**Exercise details**
Go through the data and report how many lines include the word "rect", giving only the number.

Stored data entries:
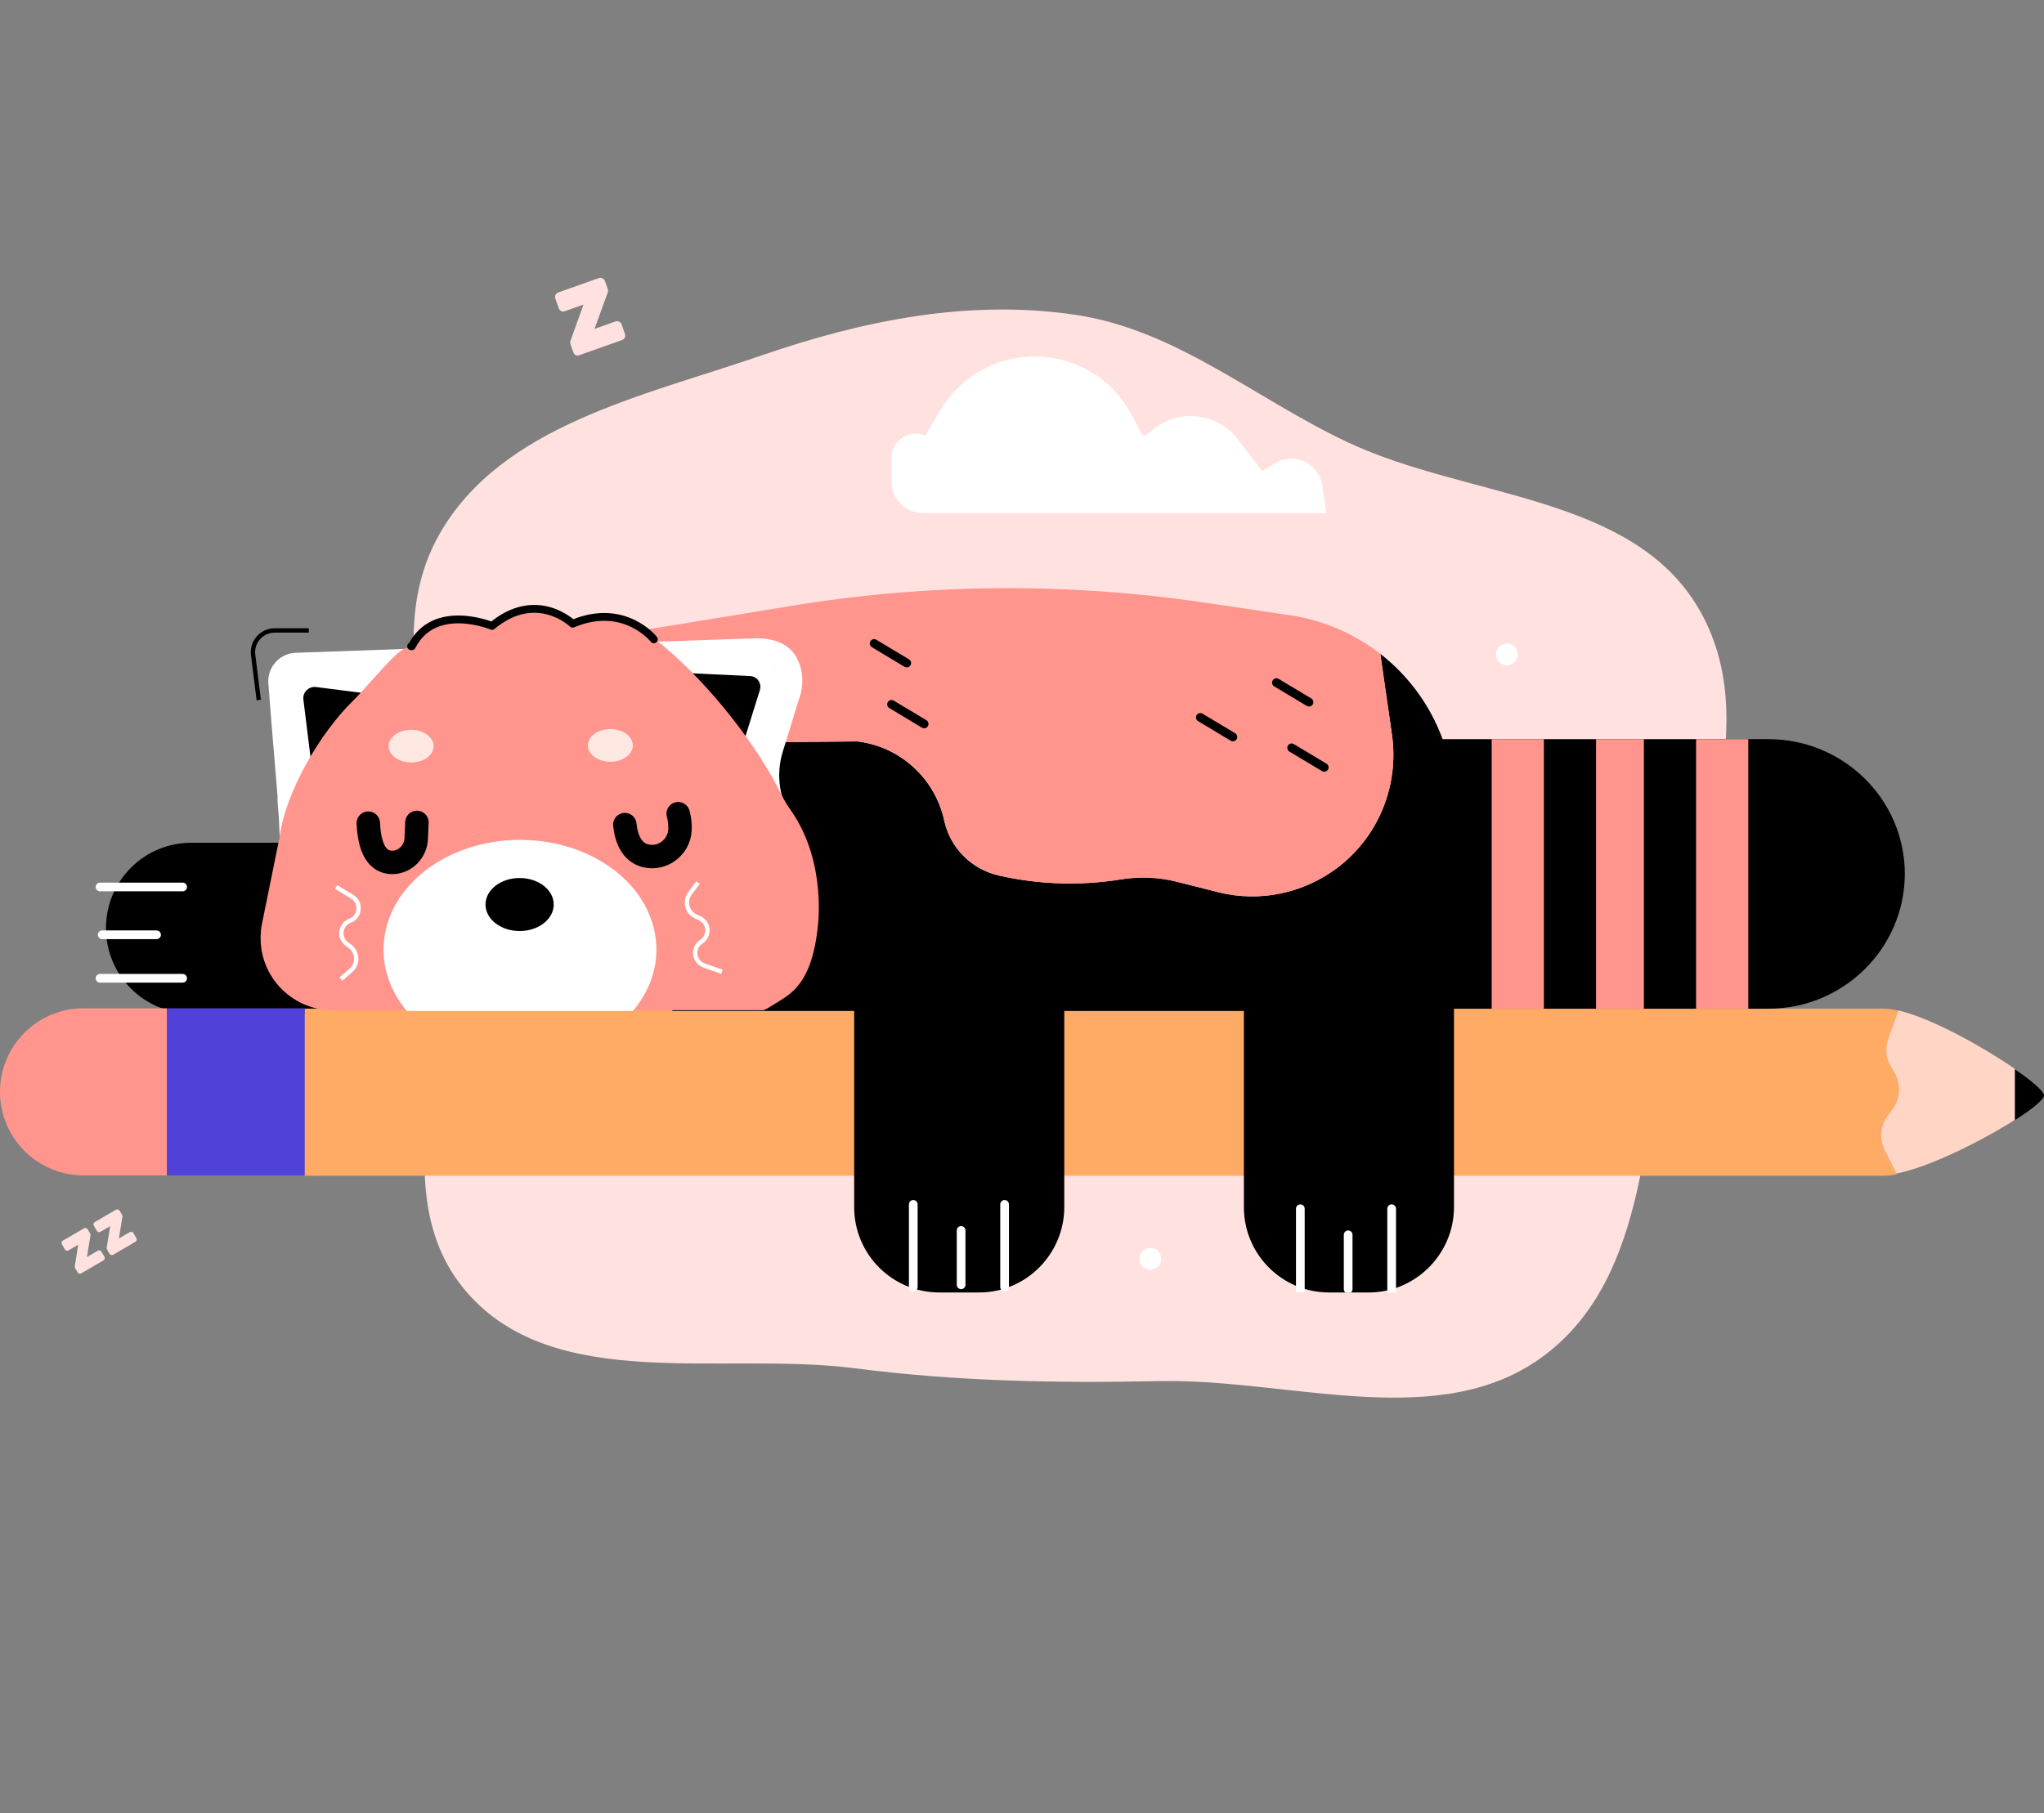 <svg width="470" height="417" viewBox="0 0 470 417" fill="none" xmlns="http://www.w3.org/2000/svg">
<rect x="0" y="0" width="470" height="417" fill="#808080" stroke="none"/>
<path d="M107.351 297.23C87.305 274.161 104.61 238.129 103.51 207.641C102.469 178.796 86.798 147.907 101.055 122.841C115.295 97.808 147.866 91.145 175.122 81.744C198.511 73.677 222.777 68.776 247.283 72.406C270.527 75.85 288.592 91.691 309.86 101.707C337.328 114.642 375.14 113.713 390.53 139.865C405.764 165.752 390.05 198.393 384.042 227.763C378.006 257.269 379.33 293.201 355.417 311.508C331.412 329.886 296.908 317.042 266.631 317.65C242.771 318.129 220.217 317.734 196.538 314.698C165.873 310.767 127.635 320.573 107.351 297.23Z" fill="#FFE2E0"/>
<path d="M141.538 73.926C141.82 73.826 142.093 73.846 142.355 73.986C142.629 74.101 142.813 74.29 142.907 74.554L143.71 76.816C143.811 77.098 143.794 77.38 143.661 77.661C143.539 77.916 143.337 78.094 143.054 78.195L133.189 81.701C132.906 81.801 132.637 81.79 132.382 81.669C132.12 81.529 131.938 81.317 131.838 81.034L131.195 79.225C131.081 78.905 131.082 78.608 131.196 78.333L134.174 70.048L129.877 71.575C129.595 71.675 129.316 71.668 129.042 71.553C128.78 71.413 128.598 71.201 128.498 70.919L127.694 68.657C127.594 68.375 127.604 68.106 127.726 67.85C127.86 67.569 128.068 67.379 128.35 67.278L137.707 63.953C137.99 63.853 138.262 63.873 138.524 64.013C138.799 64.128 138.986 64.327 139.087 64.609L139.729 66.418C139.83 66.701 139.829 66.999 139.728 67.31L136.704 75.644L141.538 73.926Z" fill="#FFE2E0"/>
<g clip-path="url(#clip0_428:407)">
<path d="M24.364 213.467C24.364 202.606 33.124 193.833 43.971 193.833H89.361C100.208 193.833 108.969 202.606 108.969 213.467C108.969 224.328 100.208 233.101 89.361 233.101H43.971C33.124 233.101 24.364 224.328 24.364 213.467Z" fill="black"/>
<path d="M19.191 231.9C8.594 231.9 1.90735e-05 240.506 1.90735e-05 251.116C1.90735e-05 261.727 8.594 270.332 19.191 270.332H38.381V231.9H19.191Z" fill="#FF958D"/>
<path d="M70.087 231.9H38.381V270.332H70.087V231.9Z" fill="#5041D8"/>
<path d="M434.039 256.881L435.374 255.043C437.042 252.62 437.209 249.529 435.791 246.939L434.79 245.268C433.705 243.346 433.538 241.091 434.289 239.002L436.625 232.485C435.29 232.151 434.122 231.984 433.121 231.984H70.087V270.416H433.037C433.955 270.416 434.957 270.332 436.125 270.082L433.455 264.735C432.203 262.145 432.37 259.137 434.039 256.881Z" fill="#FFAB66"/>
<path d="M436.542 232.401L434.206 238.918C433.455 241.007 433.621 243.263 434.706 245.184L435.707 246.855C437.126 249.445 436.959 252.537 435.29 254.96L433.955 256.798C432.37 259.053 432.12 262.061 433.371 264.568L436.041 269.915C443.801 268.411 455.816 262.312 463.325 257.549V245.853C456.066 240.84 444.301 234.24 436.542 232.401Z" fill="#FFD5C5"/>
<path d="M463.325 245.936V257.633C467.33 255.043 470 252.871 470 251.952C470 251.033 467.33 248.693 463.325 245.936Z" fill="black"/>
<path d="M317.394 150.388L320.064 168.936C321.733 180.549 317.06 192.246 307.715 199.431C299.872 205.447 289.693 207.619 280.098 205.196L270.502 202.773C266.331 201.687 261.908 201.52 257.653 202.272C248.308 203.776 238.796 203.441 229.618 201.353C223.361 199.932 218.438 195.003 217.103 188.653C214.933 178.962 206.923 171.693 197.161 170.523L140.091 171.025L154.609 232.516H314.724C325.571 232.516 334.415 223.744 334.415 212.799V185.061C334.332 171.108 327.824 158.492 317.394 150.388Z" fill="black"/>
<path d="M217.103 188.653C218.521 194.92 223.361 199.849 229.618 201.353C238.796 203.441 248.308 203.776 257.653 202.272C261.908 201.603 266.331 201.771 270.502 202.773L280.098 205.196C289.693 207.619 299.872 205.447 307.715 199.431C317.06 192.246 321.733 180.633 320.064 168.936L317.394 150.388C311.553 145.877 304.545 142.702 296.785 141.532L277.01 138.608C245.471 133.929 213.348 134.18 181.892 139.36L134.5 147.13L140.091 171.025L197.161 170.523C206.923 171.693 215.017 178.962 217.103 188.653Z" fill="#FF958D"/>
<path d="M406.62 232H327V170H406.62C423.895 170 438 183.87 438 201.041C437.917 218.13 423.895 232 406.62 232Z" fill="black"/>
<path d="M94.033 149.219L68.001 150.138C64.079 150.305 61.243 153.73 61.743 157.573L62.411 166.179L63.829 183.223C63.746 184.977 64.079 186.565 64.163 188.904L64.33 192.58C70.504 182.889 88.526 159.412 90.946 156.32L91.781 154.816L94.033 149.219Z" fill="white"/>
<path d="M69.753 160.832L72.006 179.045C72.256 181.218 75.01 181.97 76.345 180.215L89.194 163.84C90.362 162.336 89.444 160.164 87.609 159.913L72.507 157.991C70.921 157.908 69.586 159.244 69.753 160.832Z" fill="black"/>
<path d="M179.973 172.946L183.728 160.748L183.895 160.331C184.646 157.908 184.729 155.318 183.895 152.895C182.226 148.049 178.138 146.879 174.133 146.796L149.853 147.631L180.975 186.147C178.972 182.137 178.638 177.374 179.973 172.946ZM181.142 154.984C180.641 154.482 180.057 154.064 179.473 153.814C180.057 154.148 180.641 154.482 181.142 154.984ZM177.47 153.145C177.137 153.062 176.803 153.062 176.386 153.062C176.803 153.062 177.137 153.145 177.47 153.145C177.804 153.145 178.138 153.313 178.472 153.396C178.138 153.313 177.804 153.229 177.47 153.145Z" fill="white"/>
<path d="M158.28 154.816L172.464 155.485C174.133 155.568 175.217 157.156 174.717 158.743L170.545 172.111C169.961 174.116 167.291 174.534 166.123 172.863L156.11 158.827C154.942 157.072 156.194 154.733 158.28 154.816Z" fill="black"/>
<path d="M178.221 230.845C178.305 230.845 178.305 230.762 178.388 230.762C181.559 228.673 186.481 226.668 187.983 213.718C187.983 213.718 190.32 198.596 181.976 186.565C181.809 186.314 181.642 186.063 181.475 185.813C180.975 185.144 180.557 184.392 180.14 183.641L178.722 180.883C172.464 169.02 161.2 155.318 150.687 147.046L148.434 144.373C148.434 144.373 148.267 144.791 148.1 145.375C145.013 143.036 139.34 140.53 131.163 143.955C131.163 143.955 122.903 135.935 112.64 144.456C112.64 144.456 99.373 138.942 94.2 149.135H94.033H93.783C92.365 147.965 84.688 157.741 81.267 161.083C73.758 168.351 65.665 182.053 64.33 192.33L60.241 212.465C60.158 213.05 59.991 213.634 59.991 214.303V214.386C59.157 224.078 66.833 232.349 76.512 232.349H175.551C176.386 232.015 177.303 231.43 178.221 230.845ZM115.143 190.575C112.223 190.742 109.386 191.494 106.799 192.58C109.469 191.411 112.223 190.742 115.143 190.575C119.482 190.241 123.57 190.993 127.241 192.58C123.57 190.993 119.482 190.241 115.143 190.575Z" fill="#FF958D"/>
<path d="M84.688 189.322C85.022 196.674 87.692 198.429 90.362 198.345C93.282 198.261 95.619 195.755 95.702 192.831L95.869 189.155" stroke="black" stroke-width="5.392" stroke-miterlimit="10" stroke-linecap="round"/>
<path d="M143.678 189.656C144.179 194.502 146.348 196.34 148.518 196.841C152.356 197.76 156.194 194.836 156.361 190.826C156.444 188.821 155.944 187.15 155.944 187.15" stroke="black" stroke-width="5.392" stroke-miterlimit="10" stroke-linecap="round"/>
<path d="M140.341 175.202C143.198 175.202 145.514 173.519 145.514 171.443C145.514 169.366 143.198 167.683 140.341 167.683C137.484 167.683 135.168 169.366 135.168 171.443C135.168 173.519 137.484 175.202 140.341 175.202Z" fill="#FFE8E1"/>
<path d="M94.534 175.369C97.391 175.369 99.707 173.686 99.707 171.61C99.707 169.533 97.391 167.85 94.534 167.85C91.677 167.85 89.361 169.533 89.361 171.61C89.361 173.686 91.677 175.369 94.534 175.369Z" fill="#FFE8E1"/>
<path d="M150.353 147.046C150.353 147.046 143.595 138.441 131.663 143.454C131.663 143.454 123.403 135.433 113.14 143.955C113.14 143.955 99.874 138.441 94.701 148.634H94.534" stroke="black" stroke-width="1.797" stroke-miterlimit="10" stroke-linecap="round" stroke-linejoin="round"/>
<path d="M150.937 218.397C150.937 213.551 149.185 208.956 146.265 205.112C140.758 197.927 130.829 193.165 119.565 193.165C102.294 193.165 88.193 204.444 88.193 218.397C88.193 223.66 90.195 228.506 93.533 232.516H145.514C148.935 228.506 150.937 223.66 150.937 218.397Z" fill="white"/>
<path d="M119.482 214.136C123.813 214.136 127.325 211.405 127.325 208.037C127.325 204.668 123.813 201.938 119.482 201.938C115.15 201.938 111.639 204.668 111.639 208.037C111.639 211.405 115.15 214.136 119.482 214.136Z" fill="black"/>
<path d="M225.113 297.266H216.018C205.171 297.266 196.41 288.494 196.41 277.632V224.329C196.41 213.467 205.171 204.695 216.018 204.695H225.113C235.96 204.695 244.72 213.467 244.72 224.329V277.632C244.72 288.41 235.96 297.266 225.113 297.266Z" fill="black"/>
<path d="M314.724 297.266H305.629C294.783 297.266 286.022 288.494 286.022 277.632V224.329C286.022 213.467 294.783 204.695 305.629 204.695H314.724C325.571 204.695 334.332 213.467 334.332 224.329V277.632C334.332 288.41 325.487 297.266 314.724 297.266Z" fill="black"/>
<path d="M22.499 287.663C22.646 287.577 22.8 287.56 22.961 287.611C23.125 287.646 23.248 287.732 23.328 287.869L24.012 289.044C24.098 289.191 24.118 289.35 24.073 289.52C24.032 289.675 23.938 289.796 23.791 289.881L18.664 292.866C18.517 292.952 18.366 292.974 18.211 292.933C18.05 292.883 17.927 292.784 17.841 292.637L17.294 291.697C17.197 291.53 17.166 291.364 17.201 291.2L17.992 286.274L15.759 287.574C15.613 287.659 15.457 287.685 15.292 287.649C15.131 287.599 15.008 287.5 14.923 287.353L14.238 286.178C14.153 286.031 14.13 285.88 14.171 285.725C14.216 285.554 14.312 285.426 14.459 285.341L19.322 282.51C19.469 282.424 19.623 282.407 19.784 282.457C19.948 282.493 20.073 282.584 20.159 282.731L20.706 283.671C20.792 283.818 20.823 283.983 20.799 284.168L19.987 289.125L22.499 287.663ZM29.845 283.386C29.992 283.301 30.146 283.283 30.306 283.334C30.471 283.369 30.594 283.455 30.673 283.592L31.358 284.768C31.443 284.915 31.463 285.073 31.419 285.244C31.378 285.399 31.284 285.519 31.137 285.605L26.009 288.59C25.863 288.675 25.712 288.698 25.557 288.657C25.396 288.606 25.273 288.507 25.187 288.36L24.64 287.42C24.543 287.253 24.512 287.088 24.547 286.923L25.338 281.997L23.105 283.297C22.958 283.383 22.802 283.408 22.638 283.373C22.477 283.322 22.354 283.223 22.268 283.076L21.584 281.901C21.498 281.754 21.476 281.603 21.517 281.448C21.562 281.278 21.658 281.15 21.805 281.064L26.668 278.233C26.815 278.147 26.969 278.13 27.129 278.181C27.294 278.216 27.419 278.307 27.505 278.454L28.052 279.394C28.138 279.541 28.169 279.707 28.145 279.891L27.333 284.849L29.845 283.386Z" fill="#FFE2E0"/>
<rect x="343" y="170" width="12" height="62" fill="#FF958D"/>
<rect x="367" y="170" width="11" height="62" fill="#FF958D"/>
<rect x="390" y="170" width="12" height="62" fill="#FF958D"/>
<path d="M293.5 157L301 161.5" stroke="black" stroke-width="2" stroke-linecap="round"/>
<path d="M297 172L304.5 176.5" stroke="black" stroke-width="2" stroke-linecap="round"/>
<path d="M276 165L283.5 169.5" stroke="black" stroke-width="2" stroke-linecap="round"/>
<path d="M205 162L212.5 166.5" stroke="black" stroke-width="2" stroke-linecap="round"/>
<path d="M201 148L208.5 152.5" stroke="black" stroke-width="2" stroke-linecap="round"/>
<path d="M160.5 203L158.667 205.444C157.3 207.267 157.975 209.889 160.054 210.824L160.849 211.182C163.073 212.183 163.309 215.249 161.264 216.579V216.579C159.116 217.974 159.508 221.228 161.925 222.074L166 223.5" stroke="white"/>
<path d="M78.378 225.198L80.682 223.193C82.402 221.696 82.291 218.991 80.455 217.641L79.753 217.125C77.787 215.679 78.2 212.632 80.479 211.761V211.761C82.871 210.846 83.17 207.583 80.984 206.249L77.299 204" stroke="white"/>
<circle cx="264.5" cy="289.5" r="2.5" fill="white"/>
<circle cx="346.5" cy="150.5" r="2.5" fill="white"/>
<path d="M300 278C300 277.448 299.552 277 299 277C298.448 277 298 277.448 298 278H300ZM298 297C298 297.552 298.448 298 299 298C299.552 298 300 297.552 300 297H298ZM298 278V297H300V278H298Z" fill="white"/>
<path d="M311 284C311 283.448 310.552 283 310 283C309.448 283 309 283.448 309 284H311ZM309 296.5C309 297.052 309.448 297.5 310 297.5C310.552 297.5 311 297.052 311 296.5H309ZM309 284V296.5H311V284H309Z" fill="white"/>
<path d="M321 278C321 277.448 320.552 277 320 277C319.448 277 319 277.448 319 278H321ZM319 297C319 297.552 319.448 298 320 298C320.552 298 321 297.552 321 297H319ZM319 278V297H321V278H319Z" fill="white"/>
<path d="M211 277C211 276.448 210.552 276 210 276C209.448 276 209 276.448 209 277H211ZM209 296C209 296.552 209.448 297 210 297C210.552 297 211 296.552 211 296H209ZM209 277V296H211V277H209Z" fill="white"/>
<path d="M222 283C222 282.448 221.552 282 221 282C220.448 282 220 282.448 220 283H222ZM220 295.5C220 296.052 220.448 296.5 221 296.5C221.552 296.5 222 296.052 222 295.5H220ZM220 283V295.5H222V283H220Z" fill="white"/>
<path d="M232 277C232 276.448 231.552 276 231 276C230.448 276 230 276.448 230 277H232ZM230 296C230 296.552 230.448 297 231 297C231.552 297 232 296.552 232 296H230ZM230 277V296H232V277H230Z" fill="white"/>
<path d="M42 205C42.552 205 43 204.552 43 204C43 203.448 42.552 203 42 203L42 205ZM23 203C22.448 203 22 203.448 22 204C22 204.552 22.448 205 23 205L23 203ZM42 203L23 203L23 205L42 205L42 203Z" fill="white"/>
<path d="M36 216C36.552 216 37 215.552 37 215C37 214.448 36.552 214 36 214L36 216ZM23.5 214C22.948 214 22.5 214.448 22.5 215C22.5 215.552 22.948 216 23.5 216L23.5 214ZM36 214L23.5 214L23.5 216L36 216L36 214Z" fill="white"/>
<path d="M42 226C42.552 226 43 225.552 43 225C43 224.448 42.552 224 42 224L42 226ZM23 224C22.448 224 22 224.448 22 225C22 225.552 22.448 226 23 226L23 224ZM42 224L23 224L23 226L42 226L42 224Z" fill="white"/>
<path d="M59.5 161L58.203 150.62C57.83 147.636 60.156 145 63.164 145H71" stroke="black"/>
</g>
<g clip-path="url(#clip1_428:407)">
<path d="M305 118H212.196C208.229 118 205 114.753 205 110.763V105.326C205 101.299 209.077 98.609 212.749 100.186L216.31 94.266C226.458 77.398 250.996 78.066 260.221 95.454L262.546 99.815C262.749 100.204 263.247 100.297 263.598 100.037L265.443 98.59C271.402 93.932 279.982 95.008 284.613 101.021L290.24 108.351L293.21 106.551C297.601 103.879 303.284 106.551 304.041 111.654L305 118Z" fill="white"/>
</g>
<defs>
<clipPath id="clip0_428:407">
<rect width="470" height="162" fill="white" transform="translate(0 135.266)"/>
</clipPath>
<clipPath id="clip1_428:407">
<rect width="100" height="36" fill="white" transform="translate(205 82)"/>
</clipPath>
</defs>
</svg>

**Answer section**
6